Amazon has been at the forefront of everything related to eCommerce since the term was coined twenty years ago. They have been online since 1995and while many companies from that period have faded into history, Amazon have thrived. They grew from being an online bookseller to becoming the largest retailer in the world. They have successfully moved with the times. Where they have led, many have followed. On average, an Amazon customer will spend $968 with Amazon annually* so it is worth taking notice of what they do. There is much that we can learn from such a successful company.
A key goal of every business is to sell more to existing customers. After all the business has spent the time and money to acquire that new customer, so why not use upsells? Amazon has become well-known for bundling up products in an effort to sell more to each customer. Everyone who has used Amazon will be familiar with the recommendations on their site and the recommendations that Amazon sends by email…..
It is very interesting when Amazon pull back the curtain and describe how they operate. A report by Greg Linden, Brent Smith, and Jeremy York** gives insight into their recommendations algorithm.
The authors describe how they use recommendation algorithms to personalise the online store for each individual. The end result is that click-through rates of web and email based advertising vastly exceed banner ads and best seller lists.
However completing this task is not straight forward. The challenge is to succeed in producing personalised recommendations that are accurate in under a second.
The difficulty lies in dealing with huge amounts of data for millions of customers. When we place side by side the gargantuan amount of customer data with huge product catalogues, it is of little wonder that a lot of thought has to go into getting fast and reliable recommendations.
Added to this there is the issue of having very small amounts of data for new customers and sometimes too much data for long term customers to make accurate recommendations. Customer preferences are also volatile. Customer behaviour might bring new information that the algorithm has to adjust to.
With that in mind, the authors describe the shortcomings of traditional recommendation algorithms. A traditional algorithm will seek to match a user’s purchase preferences with a set of past customers who have a similar purchase history. The algorithm will then disregard any items in the set that have been purchased already and will make recommendations of the remaining items. However this type of algorithm can quickly run into performance and scalability issues. If you have large amounts of customers and they in turn have purchased large amounts of different items the number of iterations becomes very large very fast. This has an adverse effect on the speed and accuracy of the recommendations.

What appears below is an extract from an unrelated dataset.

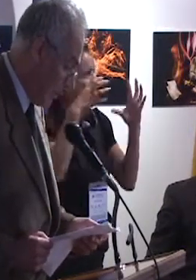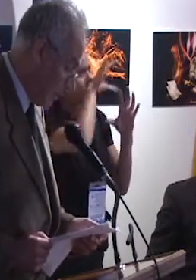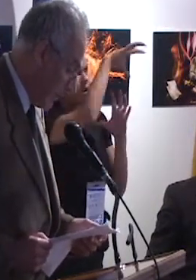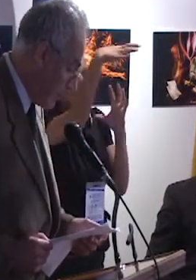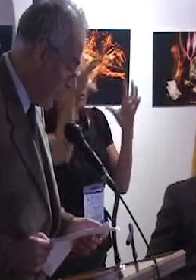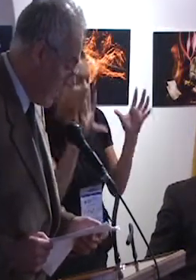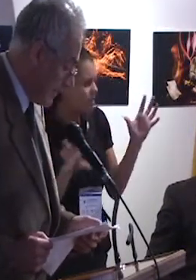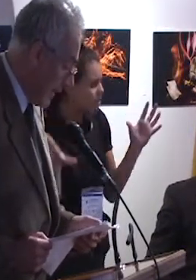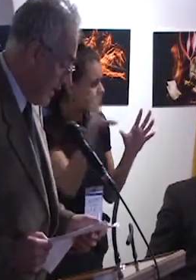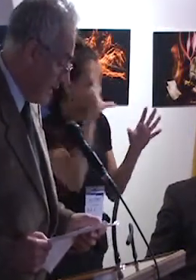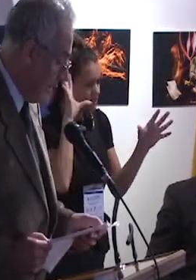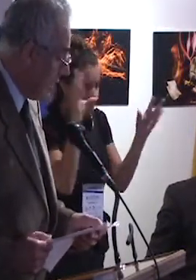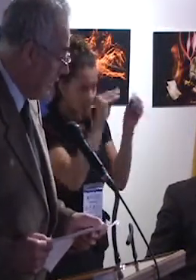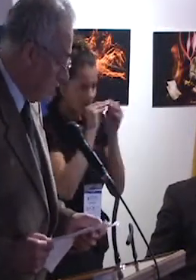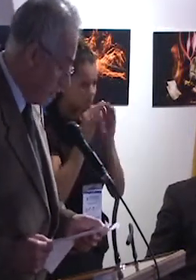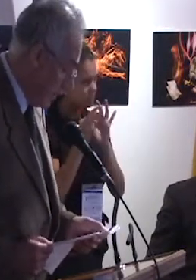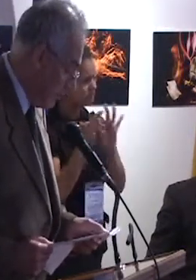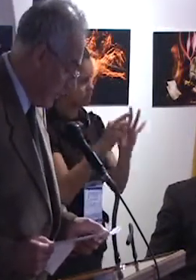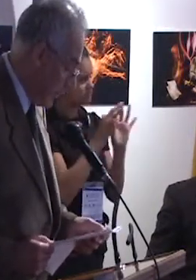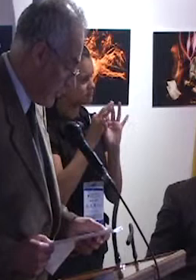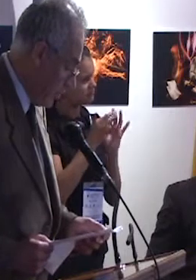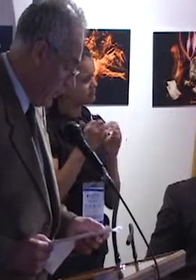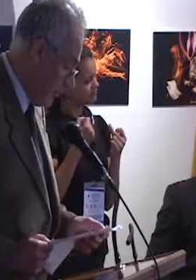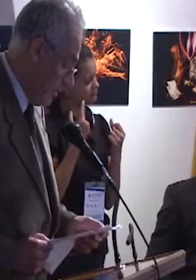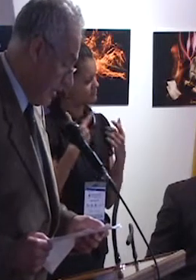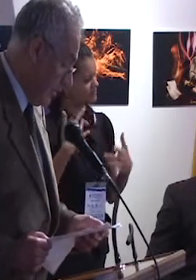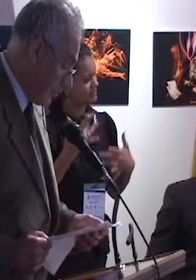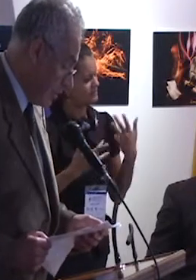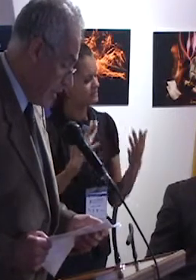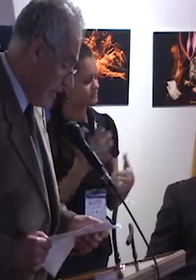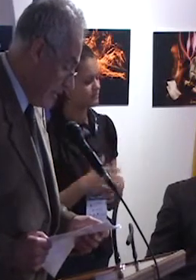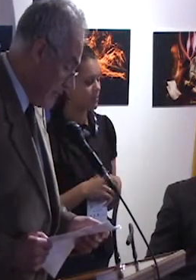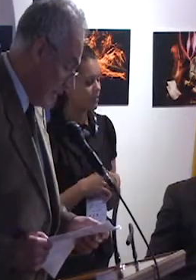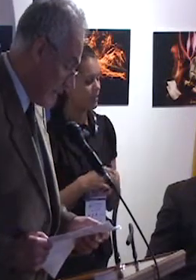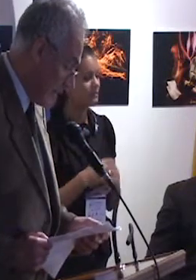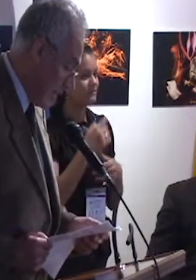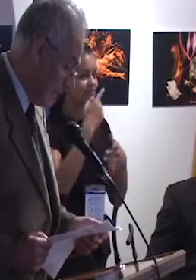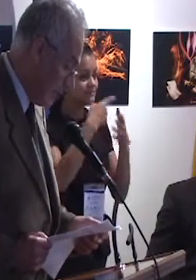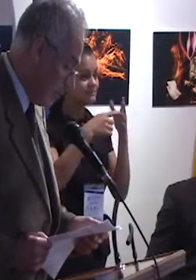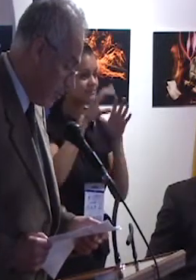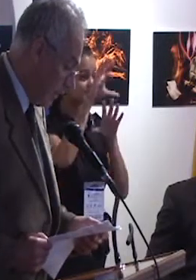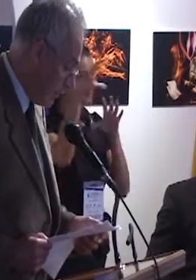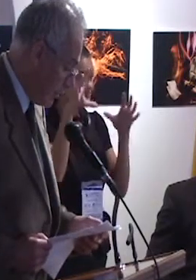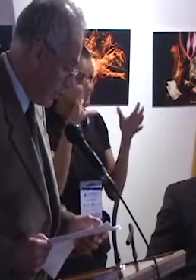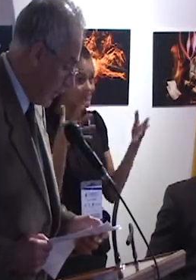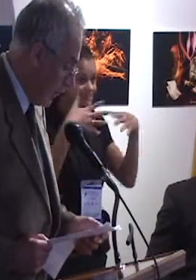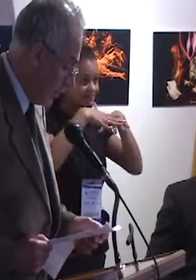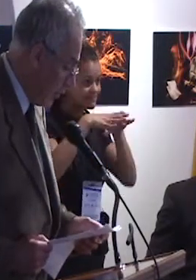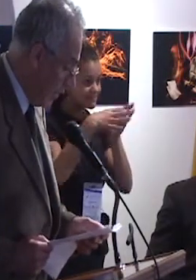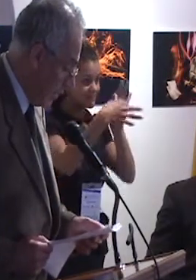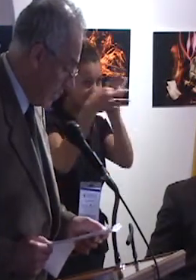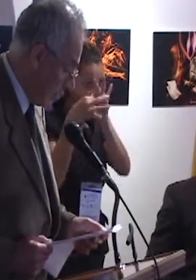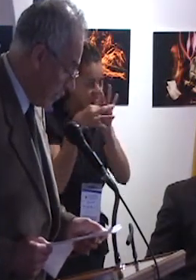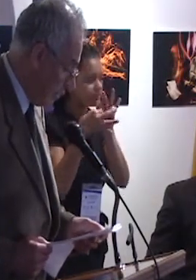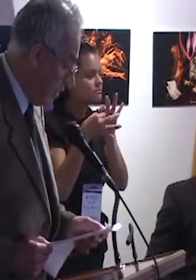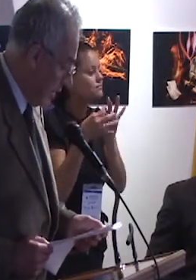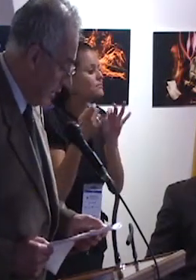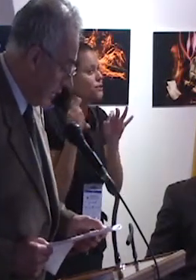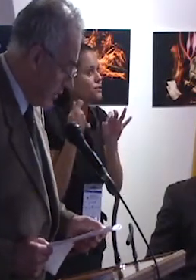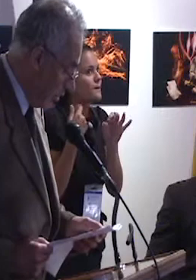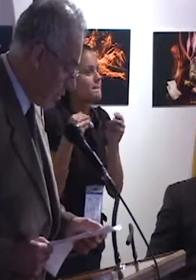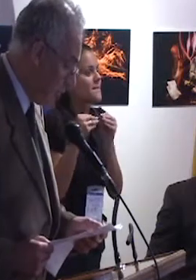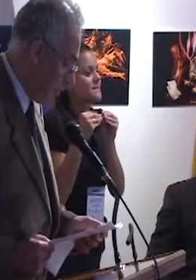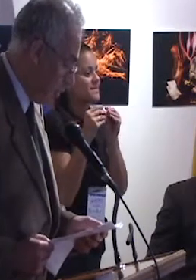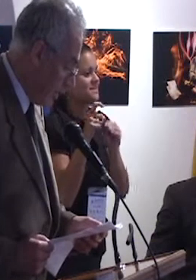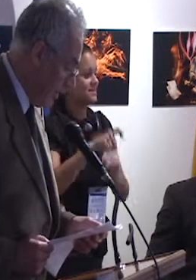conciencia, cuanto más universales y de urdimbre más sólido, son cada vez más necesarias y útiles contra la eventual generación

Amazon has developed what they call “item to item collaborative filtering”. This involves making recommendations on the product level rather than on the user level. Amazon has developed their algorithm to recognise products that customers generally purchase together. One approach would be to look at complementary products such as golf clubs and golf balls. However there are many products that do not fit so neatly into such pairs. Therefore the amazon algorithm looks at the similarities between one product and all related products. Customers can also go in and change their preferences manually to ensure Amazon is making the correct recommendations. This helps them get around the challenge of dealing with such huge data sets. It requires only sub-second processing time to generate online recommendations. This algorithm can react immediately to changes in a user’s data, and makes recommendations for all users regardless of the number of purchases and ratings. This type of algorithm gets around the issues of matching huge amounts of user data with huge amount of product data that we discussed earlier.